According to the reference mentioned in the question (Ref.1):

The term ‘trans-influence’, being a long-established concept of broad relevance in the realm of inorganic chemistry, was defined first in 1966 by Pidcock et al. as the ability of ligand L in a complex to weaken the metal–ligand bond trans to itself. This ground-state phenomenon should be distinguished from the kinetic phenomenon called the ‘trans-effect’, which is the effect of coordinated ligand L upon the rate of substitution reactions of the ligand in trans-position to L.
Note: Pidcock et al. 1966: Ref.2

Considering the high sensitivity of the $\ce{^{13}C}$-$\mathrm{NMR}$ isotropic shielding tensor elements to small structural/electronic changes, the authors of Ref.1 have published a reliable trans-philicity ladder for octahedral $\ce{[Cr(CO)5L]^{−/0/+}}$ complexes using $\ce{^{13}C}$-$\mathrm{NMR}$ isotropic shielding tensor elements. In $\ce{[Cr(CO)5L]^{−/0/+}}$ complex, $\ce{L}$ represents a wide variety of ligands (50 ligands) commonly used in coordination and organometallic chemistry. Briefly, all $\ce{^{13}C}$-$\mathrm{NMR}$ isotropic shielding tensor elements and other parameters have been calculated using PBE0/Def2-TZVP(Cr)∪6-31G(d,p)(E)/PCM and PBE0/Def2-TZVP(Cr)∪6-311++G(d,p)(E)/PCM computational protocols set in dichloromethane solution where the latter protocol is more sophisticated than the former.

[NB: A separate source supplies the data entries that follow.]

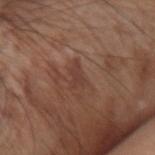Findings:
– follow-up: imaged on a skin check; not biopsied
– size: ≈2.5 mm
– image: 15 mm crop, total-body photography
– anatomic site: the left forearm
– subject: male, aged 68–72
– image-analysis metrics: a mean CIELAB color near L≈39 a*≈20 b*≈24, a lesion–skin lightness drop of about 7, and a normalized lesion–skin contrast near 6; internal color variation of about 0 on a 0–10 scale and radial color variation of about 0; a classifier nevus-likeness of about 0/100
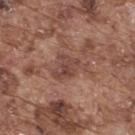Clinical impression: Imaged during a routine full-body skin examination; the lesion was not biopsied and no histopathology is available. Context: The lesion is on the upper back. Imaged with white-light lighting. Cropped from a total-body skin-imaging series; the visible field is about 15 mm. Approximately 4 mm at its widest. A male patient, roughly 75 years of age.
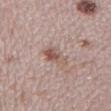Q: Is there a histopathology result?
A: imaged on a skin check; not biopsied
Q: Automated lesion metrics?
A: a classifier nevus-likeness of about 80/100 and a detector confidence of about 100 out of 100 that the crop contains a lesion
Q: Where on the body is the lesion?
A: the leg
Q: Who is the patient?
A: female, approximately 30 years of age
Q: What is the lesion's diameter?
A: about 3.5 mm
Q: What kind of image is this?
A: total-body-photography crop, ~15 mm field of view
Q: Illumination type?
A: white-light
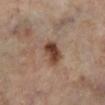Part of a total-body skin-imaging series; this lesion was reviewed on a skin check and was not flagged for biopsy. Longest diameter approximately 3.5 mm. The lesion is located on the left lower leg. The total-body-photography lesion software estimated a lesion area of about 6.5 mm², an outline eccentricity of about 0.7 (0 = round, 1 = elongated), and two-axis asymmetry of about 0.3. A close-up tile cropped from a whole-body skin photograph, about 15 mm across. Captured under cross-polarized illumination. A female patient aged 58 to 62.
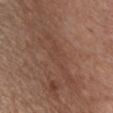{"biopsy_status": "not biopsied; imaged during a skin examination", "lighting": "white-light", "image": {"source": "total-body photography crop", "field_of_view_mm": 15}, "lesion_size": {"long_diameter_mm_approx": 8.0}, "site": "chest", "patient": {"sex": "male", "age_approx": 55}}
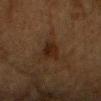Part of a total-body skin-imaging series; this lesion was reviewed on a skin check and was not flagged for biopsy.
A 15 mm crop from a total-body photograph taken for skin-cancer surveillance.
The lesion-visualizer software estimated a lesion area of about 4.5 mm² and an outline eccentricity of about 0.7 (0 = round, 1 = elongated). And it measured border irregularity of about 2.5 on a 0–10 scale, a within-lesion color-variation index near 3.5/10, and a peripheral color-asymmetry measure near 1. And it measured a nevus-likeness score of about 35/100 and a detector confidence of about 100 out of 100 that the crop contains a lesion.
The lesion is located on the chest.
This is a cross-polarized tile.
The recorded lesion diameter is about 3 mm.
A male patient, aged 73 to 77.
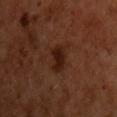Recorded during total-body skin imaging; not selected for excision or biopsy.
An algorithmic analysis of the crop reported an area of roughly 6.5 mm² and an outline eccentricity of about 0.75 (0 = round, 1 = elongated). The analysis additionally found a normalized lesion–skin contrast near 9. The software also gave a border-irregularity index near 2.5/10 and peripheral color asymmetry of about 0.5. The software also gave a lesion-detection confidence of about 100/100.
A region of skin cropped from a whole-body photographic capture, roughly 15 mm wide.
The recorded lesion diameter is about 3.5 mm.
A male patient, approximately 50 years of age.
The lesion is located on the chest.
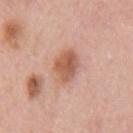Imaged during a routine full-body skin examination; the lesion was not biopsied and no histopathology is available.
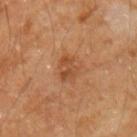<lesion>
  <lesion_size>
    <long_diameter_mm_approx>3.5</long_diameter_mm_approx>
  </lesion_size>
  <lighting>cross-polarized</lighting>
  <image>
    <source>total-body photography crop</source>
    <field_of_view_mm>15</field_of_view_mm>
  </image>
  <automated_metrics>
    <vs_skin_contrast_norm>5.5</vs_skin_contrast_norm>
    <border_irregularity_0_10>2.5</border_irregularity_0_10>
    <peripheral_color_asymmetry>1.5</peripheral_color_asymmetry>
    <nevus_likeness_0_100>10</nevus_likeness_0_100>
    <lesion_detection_confidence_0_100>100</lesion_detection_confidence_0_100>
  </automated_metrics>
  <site>left upper arm</site>
  <patient>
    <sex>male</sex>
    <age_approx>60</age_approx>
  </patient>
</lesion>
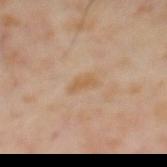Notes:
* follow-up — no biopsy performed (imaged during a skin exam)
* lesion diameter — ~2.5 mm (longest diameter)
* lighting — cross-polarized
* automated lesion analysis — a lesion area of about 3 mm² and a shape-asymmetry score of about 0.35 (0 = symmetric); border irregularity of about 3.5 on a 0–10 scale and a color-variation rating of about 1/10; a classifier nevus-likeness of about 0/100 and lesion-presence confidence of about 100/100
* subject — male, in their mid- to late 60s
* image — 15 mm crop, total-body photography
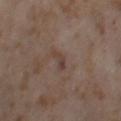lesion_size:
  long_diameter_mm_approx: 3.0
site: left thigh
patient:
  sex: female
  age_approx: 55
lighting: cross-polarized
image:
  source: total-body photography crop
  field_of_view_mm: 15
automated_metrics:
  area_mm2_approx: 2.5
  eccentricity: 0.95
  shape_asymmetry: 0.5
  cielab_L: 40
  cielab_a: 16
  cielab_b: 21
  vs_skin_darker_L: 7.0
  vs_skin_contrast_norm: 6.0
  nevus_likeness_0_100: 0
  lesion_detection_confidence_0_100: 100
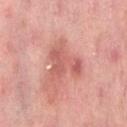The lesion was photographed on a routine skin check and not biopsied; there is no pathology result. Located on the abdomen. A female subject aged approximately 50. A close-up tile cropped from a whole-body skin photograph, about 15 mm across.

I think, major drawback in this publication is the lack of experimental date to support the calculations. For instance, the authors admit that to the best of their knowledge, experimental data for $\delta \ \ce{^{13}C}$-$\mathrm{NMR}$ chemical shifts of $\ce{[Cr(CO)5L]^{−/0/+}}$ complexes are available only for the $\ce{Cr(CO)6}$ complex and the “free” $\ce{CO}$ ligand, which are $212$ and $\pu{184.4 ppm}$, respectively.

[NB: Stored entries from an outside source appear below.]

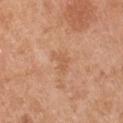No biopsy was performed on this lesion — it was imaged during a full skin examination and was not determined to be concerning.
The tile uses white-light illumination.
A region of skin cropped from a whole-body photographic capture, roughly 15 mm wide.
Automated image analysis of the tile measured a shape eccentricity near 0.8 and a symmetry-axis asymmetry near 0.6. The analysis additionally found a normalized border contrast of about 4.5.
On the left upper arm.
The recorded lesion diameter is about 3 mm.
A male subject, about 55 years old.
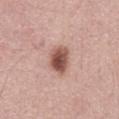Notes:
• follow-up · no biopsy performed (imaged during a skin exam)
• site · the abdomen
• acquisition · total-body-photography crop, ~15 mm field of view
• diameter · ≈3.5 mm
• illumination · white-light illumination
• subject · male, roughly 60 years of age
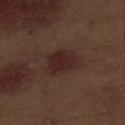| feature | finding |
|---|---|
| lighting | white-light illumination |
| imaging modality | ~15 mm crop, total-body skin-cancer survey |
| anatomic site | the front of the torso |
| lesion size | about 4.5 mm |
| automated metrics | a lesion area of about 10 mm², an outline eccentricity of about 0.75 (0 = round, 1 = elongated), and two-axis asymmetry of about 0.2; an average lesion color of about L≈25 a*≈17 b*≈18 (CIELAB), a lesion–skin lightness drop of about 7, and a normalized lesion–skin contrast near 9; a nevus-likeness score of about 55/100 |
| subject | male, aged 68 to 72 |
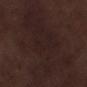Findings:
* imaging modality — ~15 mm crop, total-body skin-cancer survey
* lesion size — ~14.5 mm (longest diameter)
* illumination — white-light
* automated metrics — a lesion color around L≈19 a*≈14 b*≈14 in CIELAB, about 4 CIELAB-L* units darker than the surrounding skin, and a normalized lesion–skin contrast near 5.5; an automated nevus-likeness rating near 0 out of 100 and a lesion-detection confidence of about 65/100
* anatomic site — the left lower leg
* subject — male, roughly 70 years of age
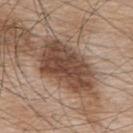{
  "biopsy_status": "not biopsied; imaged during a skin examination"
}
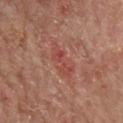<lesion>
  <biopsy_status>not biopsied; imaged during a skin examination</biopsy_status>
  <image>
    <source>total-body photography crop</source>
    <field_of_view_mm>15</field_of_view_mm>
  </image>
  <site>mid back</site>
  <lighting>cross-polarized</lighting>
  <automated_metrics>
    <area_mm2_approx>5.0</area_mm2_approx>
    <shape_asymmetry>0.35</shape_asymmetry>
  </automated_metrics>
  <patient>
    <sex>male</sex>
    <age_approx>65</age_approx>
  </patient>
</lesion>
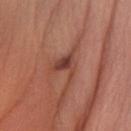<lesion>
  <biopsy_status>not biopsied; imaged during a skin examination</biopsy_status>
  <lighting>white-light</lighting>
  <site>left forearm</site>
  <lesion_size>
    <long_diameter_mm_approx>3.0</long_diameter_mm_approx>
  </lesion_size>
  <image>
    <source>total-body photography crop</source>
    <field_of_view_mm>15</field_of_view_mm>
  </image>
  <patient>
    <sex>female</sex>
    <age_approx>25</age_approx>
  </patient>
</lesion>
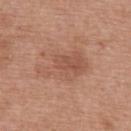Imaged during a routine full-body skin examination; the lesion was not biopsied and no histopathology is available.
This is a white-light tile.
A male subject aged around 55.
Cropped from a total-body skin-imaging series; the visible field is about 15 mm.
The recorded lesion diameter is about 6.5 mm.
From the upper back.
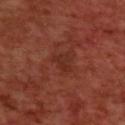Clinical summary: The lesion is located on the upper back. Cropped from a whole-body photographic skin survey; the tile spans about 15 mm. A male subject approximately 70 years of age. Captured under cross-polarized illumination. Automated tile analysis of the lesion measured a footprint of about 3.5 mm², a shape eccentricity near 0.7, and a shape-asymmetry score of about 0.4 (0 = symmetric). And it measured a border-irregularity rating of about 4/10 and internal color variation of about 0.5 on a 0–10 scale.
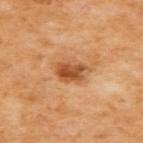notes = no biopsy performed (imaged during a skin exam); lighting = cross-polarized illumination; location = the upper back; subject = female, in their mid- to late 50s; image source = ~15 mm crop, total-body skin-cancer survey; diameter = about 3.5 mm.
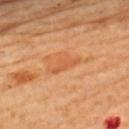automated_metrics:
  border_irregularity_0_10: 5.5
  color_variation_0_10: 1.0
  nevus_likeness_0_100: 0
  lesion_detection_confidence_0_100: 100
image:
  source: total-body photography crop
  field_of_view_mm: 15
site: upper back
lesion_size:
  long_diameter_mm_approx: 4.0
lighting: cross-polarized
patient:
  sex: female
  age_approx: 65
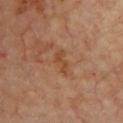Clinical impression: Part of a total-body skin-imaging series; this lesion was reviewed on a skin check and was not flagged for biopsy. Context: Located on the front of the torso. The tile uses cross-polarized illumination. Measured at roughly 3.5 mm in maximum diameter. A subject in their mid- to late 60s. Cropped from a total-body skin-imaging series; the visible field is about 15 mm.
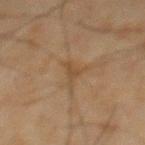Clinical impression: This lesion was catalogued during total-body skin photography and was not selected for biopsy. Acquisition and patient details: A lesion tile, about 15 mm wide, cut from a 3D total-body photograph. The lesion is on the abdomen. A male subject roughly 65 years of age.
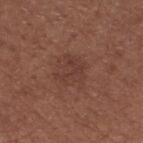Q: Is there a histopathology result?
A: imaged on a skin check; not biopsied
Q: How was the tile lit?
A: white-light
Q: Where on the body is the lesion?
A: the right thigh
Q: Who is the patient?
A: female, aged 53 to 57
Q: What is the imaging modality?
A: ~15 mm tile from a whole-body skin photo
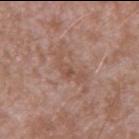Recorded during total-body skin imaging; not selected for excision or biopsy. This image is a 15 mm lesion crop taken from a total-body photograph. A male subject aged 43 to 47. The lesion is on the right upper arm.
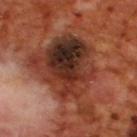The lesion was tiled from a total-body skin photograph and was not biopsied. The lesion is located on the upper back. Captured under cross-polarized illumination. A 15 mm close-up extracted from a 3D total-body photography capture. A male subject, aged approximately 70.
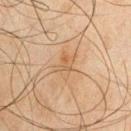Impression:
No biopsy was performed on this lesion — it was imaged during a full skin examination and was not determined to be concerning.
Acquisition and patient details:
A male patient about 45 years old. A lesion tile, about 15 mm wide, cut from a 3D total-body photograph. On the chest.
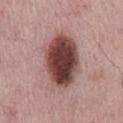The lesion was photographed on a routine skin check and not biopsied; there is no pathology result. The tile uses white-light illumination. The lesion is located on the mid back. Cropped from a whole-body photographic skin survey; the tile spans about 15 mm. Measured at roughly 7 mm in maximum diameter. The subject is a male about 65 years old.
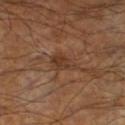Captured under cross-polarized illumination. The lesion is on the leg. The total-body-photography lesion software estimated a shape eccentricity near 0.75 and a symmetry-axis asymmetry near 0.35. And it measured a lesion color around L≈35 a*≈19 b*≈28 in CIELAB, roughly 7 lightness units darker than nearby skin, and a normalized lesion–skin contrast near 6.5. The software also gave border irregularity of about 3.5 on a 0–10 scale, internal color variation of about 3.5 on a 0–10 scale, and peripheral color asymmetry of about 1. The analysis additionally found a classifier nevus-likeness of about 0/100 and a lesion-detection confidence of about 95/100. This image is a 15 mm lesion crop taken from a total-body photograph. The subject is a male in their 60s. The lesion's longest dimension is about 3.5 mm.
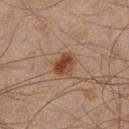workup — catalogued during a skin exam; not biopsied
body site — the leg
patient — male, aged 43–47
illumination — cross-polarized illumination
imaging modality — total-body-photography crop, ~15 mm field of view
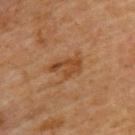| key | value |
|---|---|
| follow-up | catalogued during a skin exam; not biopsied |
| anatomic site | the upper back |
| image source | ~15 mm tile from a whole-body skin photo |
| illumination | cross-polarized illumination |
| patient | male, approximately 60 years of age |
| diameter | about 4 mm |
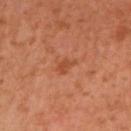<lesion>
  <biopsy_status>not biopsied; imaged during a skin examination</biopsy_status>
  <lesion_size>
    <long_diameter_mm_approx>2.5</long_diameter_mm_approx>
  </lesion_size>
  <lighting>cross-polarized</lighting>
  <image>
    <source>total-body photography crop</source>
    <field_of_view_mm>15</field_of_view_mm>
  </image>
  <patient>
    <sex>female</sex>
    <age_approx>40</age_approx>
  </patient>
  <site>arm</site>
</lesion>
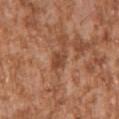biopsy status: no biopsy performed (imaged during a skin exam)
image: total-body-photography crop, ~15 mm field of view
subject: male, approximately 45 years of age
anatomic site: the left upper arm
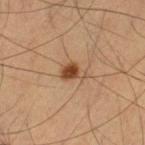Assessment:
The lesion was tiled from a total-body skin photograph and was not biopsied.
Context:
Captured under cross-polarized illumination. On the right thigh. A 15 mm crop from a total-body photograph taken for skin-cancer surveillance. A male subject, aged 58–62. Automated image analysis of the tile measured roughly 12 lightness units darker than nearby skin and a normalized lesion–skin contrast near 9.5. The software also gave an automated nevus-likeness rating near 95 out of 100 and a lesion-detection confidence of about 100/100. The lesion's longest dimension is about 3 mm.

When compared the calculations of $\delta \ \ce{^{13}C}$-$\mathrm{NMR}$ chemical shifts of the $\ce{Cr(CO)6}$ complex and the “free” $\ce{CO}$ ligand employing the two computational protocols, the PBE0/Def2-TZVP(Cr)∪6-31G(d,p)(E)/PCM predicted $\delta \ \ce{^{13}C}$-$\mathrm{NMR}$ chemical shifts of $210.2$ and $\pu{186.1 ppm}$, respectively for two compounds, while the protocol PBE0/Def2-TZVP(Cr)∪6-311++G(d,p)(E)/PCM) predicted $\delta \ \ce{^{13}C}$-$\mathrm{NMR}$ chemical shifts of $226.8$ and $\pu{197.6 ppm}$, respectively for the same two compounds:

$$\begin{array}{l|cc} \hline \text{Compound} & \ce{\delta \ ^{13}C} \text{ (calculated)}^1 & \ce{\delta \ ^{13}C} \text{ (calculated)}^2 & \ce{\delta \ ^{13}C} \text{ (experimental)} \\ \hline \ce{Cr(CO)6} \text{ (complex)} & \pu{210.2 ppm} & \pu{226.8 ppm} & \pu{212.0 ppm} \\ \ce{CO} \text{ ('free' ligand)} & \pu{186.1 ppm} & \pu{197.65 ppm} & \pu{184.4 ppm} \\ \hline \end{array}\\ ^1 \text{From protocol PBE0/Def2-TZVP(Cr)∪6-31G(d,p)(E)/PCM;} \\ ^2\text{ From protocol PBE0/Def2-TZVP(Cr)∪6-311++G(d,p)(E)/PCM.} $$

Evidently, the GIAO/PBE0/Def2-TZVP(Cr)∪6-31G(d,p)(E)/PCM computational protocol is a better performer in the calculation of the $\ce{^{13}C}$-$\mathrm{NMR}$ spectra of $\ce{[Cr(CO)5L]^{−/0/+}}$ complexes than that of PBE0/Def2-TZVP(Cr)∪6-311++G(d,p)(E)/PCM one. Nevertheless, the differences of the calculated $\Delta\sigma \ \ce{^{13}C}$-$\mathrm{NMR}$ descriptors of trans-philicity for the complexes using either protocol were minimal.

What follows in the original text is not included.